Crandall notes that the regulatory policies “simply transferred billions of dollars from incumbent telephone companies to fund marketing campaigns required to sell the same service under a different name.” He also points out that “competition has developed in ways totally unanticipated by regulators, namely through unregulated wireless providers and cable broadband platforms.”*
Supreme Court Justice Stephen G. Breyer made a similar observation in AT&T Corp. v. Iowa Utilities Bd. (1999). He pointed out in his dissenting opinion that

[A] sharing requirement may diminish the original owner’s incentive to keep up or to improve the property by depriving the owner of the fruits of value-creating investment, research, or labor …. [i]t is in the unshared, not in the shared, portions of the enterprise that meaningful competition would likely emerge. Rules that force firms to share every resource or element of a business would create, not competition, but pervasive regulation, for the regulators, not the marketplace, would set the relevant terms.

In the late 1990s, incumbent telecom providers were required share nearly every element of their business at below-cost prices, and hundreds of competitive local exchange carriers and/or Internet service providers were incorporated in an effort to get a piece of the action.
Alfred Kahn described the FCC’s regulatory policies of that period as “essentially a construct of perfect competition.” He noted that it was “in flat contradiction of the Schumpeterian preconditions of innovation–a truly startling deficiency, considering that the central purpose of the Telecommunications Act is to encourage the most rapid possible development of a modern telecommunications infrastructure.”**
The concept Kahn is referring to–perfect competition–is a rare occurrence in which many producers offer indistinguishable products that compete primarily on the basis of price alone and where no producer makes much money.
But perfect competition isn’t desirable in dynamic industries where innovation continues to yield improvements in products and services. That’s because innovation requires investment, and there is no private investment without profit.
The regulatory policies Copps is nostalgic for actually inhibited investment in broadband. According to Jeffrey Eisenach (2008), cable operators– who never had to lease out their facilities–invested more than $115 billion to upgrade their networks between 1996 and 2006, and overall investment in communications equipment in the U.S. rose by more than 40 percent since the FCC began exempting broadband infrastructures from sharing requirements.
FCC staff estimate that it could cost $350 billion to upgrade broadband connections to 110 million U.S. households to 100 megabits per second (mbps).
Regulatory policies which discourage private investment could mean that the government would have to finance network upgrades by adding to the national debt, which doesn’t seem likely at this point.
In an address to the Economic Club of Washington, Verizon Chairman & CEO Ivan Seidenberg said

Some of this will take public investment, but most can be done by the private sector, if we don’t impose so many rules and regulations that it becomes an uneconomic proposition.
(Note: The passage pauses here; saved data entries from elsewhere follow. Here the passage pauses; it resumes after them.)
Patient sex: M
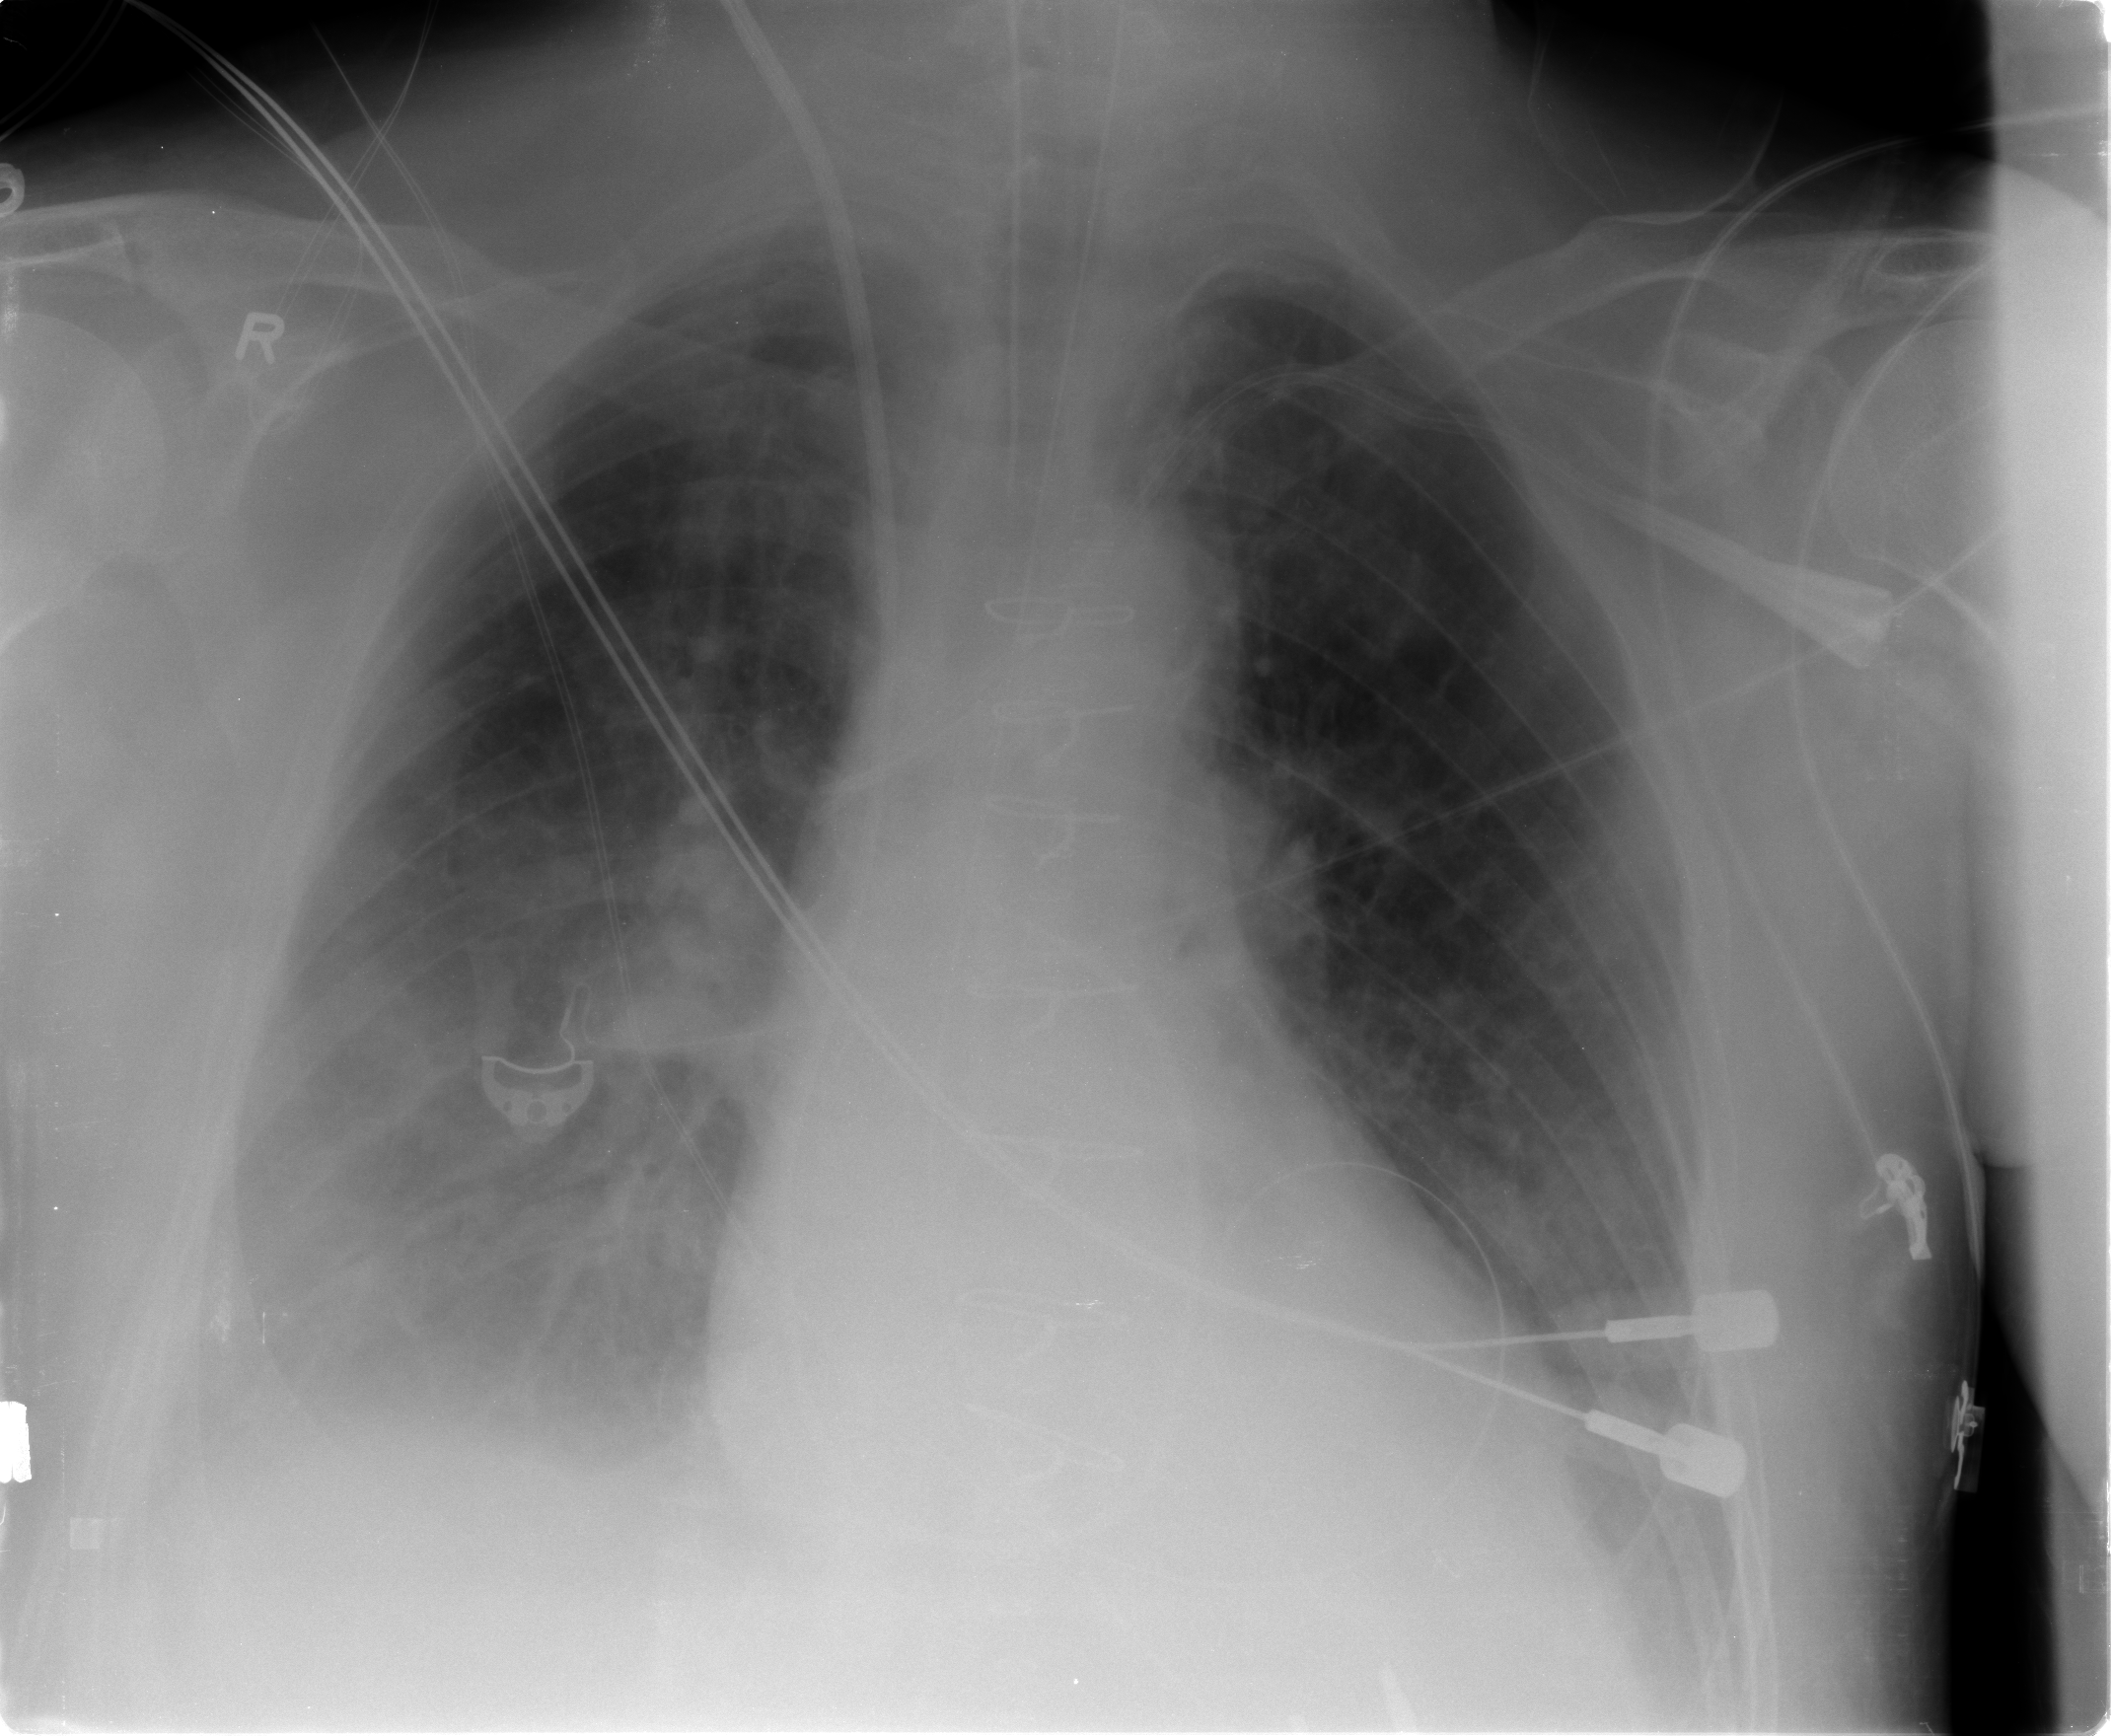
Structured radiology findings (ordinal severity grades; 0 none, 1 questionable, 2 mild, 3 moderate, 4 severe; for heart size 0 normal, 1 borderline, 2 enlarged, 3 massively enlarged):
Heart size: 0
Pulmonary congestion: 2
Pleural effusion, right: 2
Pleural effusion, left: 2
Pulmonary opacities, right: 1
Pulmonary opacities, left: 1
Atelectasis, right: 2
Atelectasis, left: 2

That would be consistent with the direction Germany is heading

Chancellor Angela Merkel, addressing a business audience in Berlin today, said she told Obama in a phone call that cutting government debt is “absolutely important for us,” exposing a second point of contention ahead of the June 26-27 G-20 summit in Canada.
Reducing the budget deficit by 10 billion euros ($12 billion) per year “won’t put a brake on the world’s economic growth,” Merkel said, relating what she told Obama yesterday. Germans are more likely to spend money if they feel the government “is taking precautions” to ensure solid finances, she said.
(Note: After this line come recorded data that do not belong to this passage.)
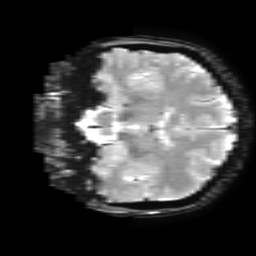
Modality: T2starw
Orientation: coronal
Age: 32
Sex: female
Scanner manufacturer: ge
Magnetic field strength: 3 T
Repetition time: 0.65 s
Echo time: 0.02 s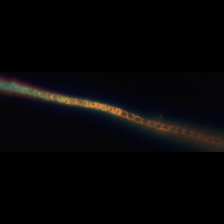
Taxon: Chaetoceros
Group: Diatoms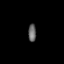
Tissue: prostate
Cell type: Fibroblasts
Senescence score: 0.6997
Nuclear area (px): 134
Mean DAPI intensity: 103.246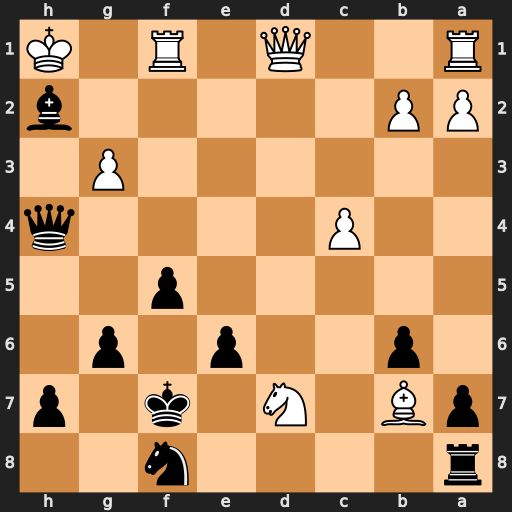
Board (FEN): r4n2/pB1N1k1p/1p2p1p1/5p2/2P4q/6P1/PP5b/R2Q1R1K
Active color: b
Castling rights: -
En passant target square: -
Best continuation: Bxg3+ Kg2 Rd8 Rh1 Qg5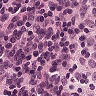
Metastatic tissue present: no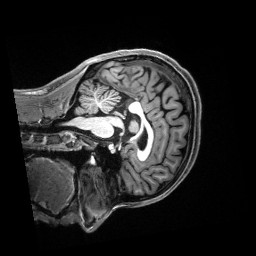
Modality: T1w
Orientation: sagittal
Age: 21
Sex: female
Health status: healthy
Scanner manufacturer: siemens
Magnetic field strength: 3 T
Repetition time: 2.5 s
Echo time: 0.00222 s
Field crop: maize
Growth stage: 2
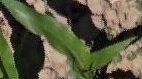
Species: maize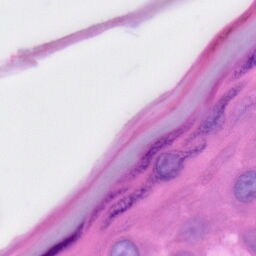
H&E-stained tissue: Skin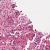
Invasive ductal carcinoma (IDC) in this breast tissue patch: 1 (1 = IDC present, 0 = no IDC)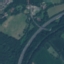
Land use / land cover: Highway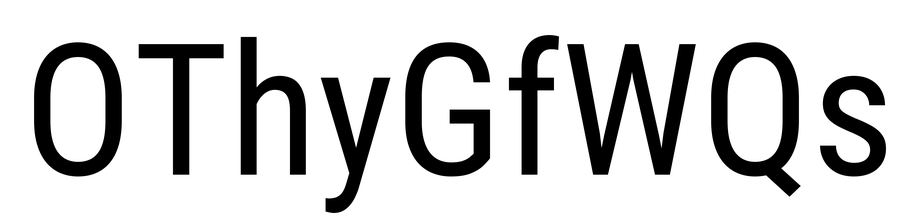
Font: Roboto_Condensed_Regular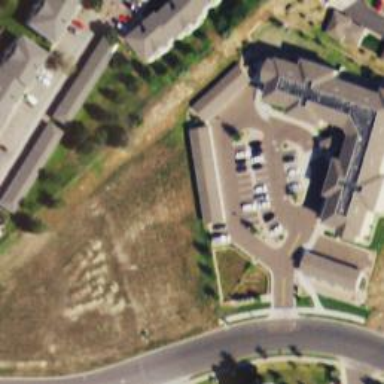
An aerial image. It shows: Nursing home.

Regulating the Internet plays well to the liberal Democratic base, who see the Web as a free propaganda tool. Do people believe what they are told? I happen to believe most people weigh the arguments and form their own conclusion.
Let’s not be content with an Internet that can merely compete with radio talk show hosts. Let’s let the Internet off the leash and see where it can go.
* Crandall, Robert W. Competition and Chaos (Brookings Inst. 2005) at 157.
** Kahn, Alfred E. Whom the Gods Would Destroy, or How Not to Deregulate (AEI Press 2001) at 9-10.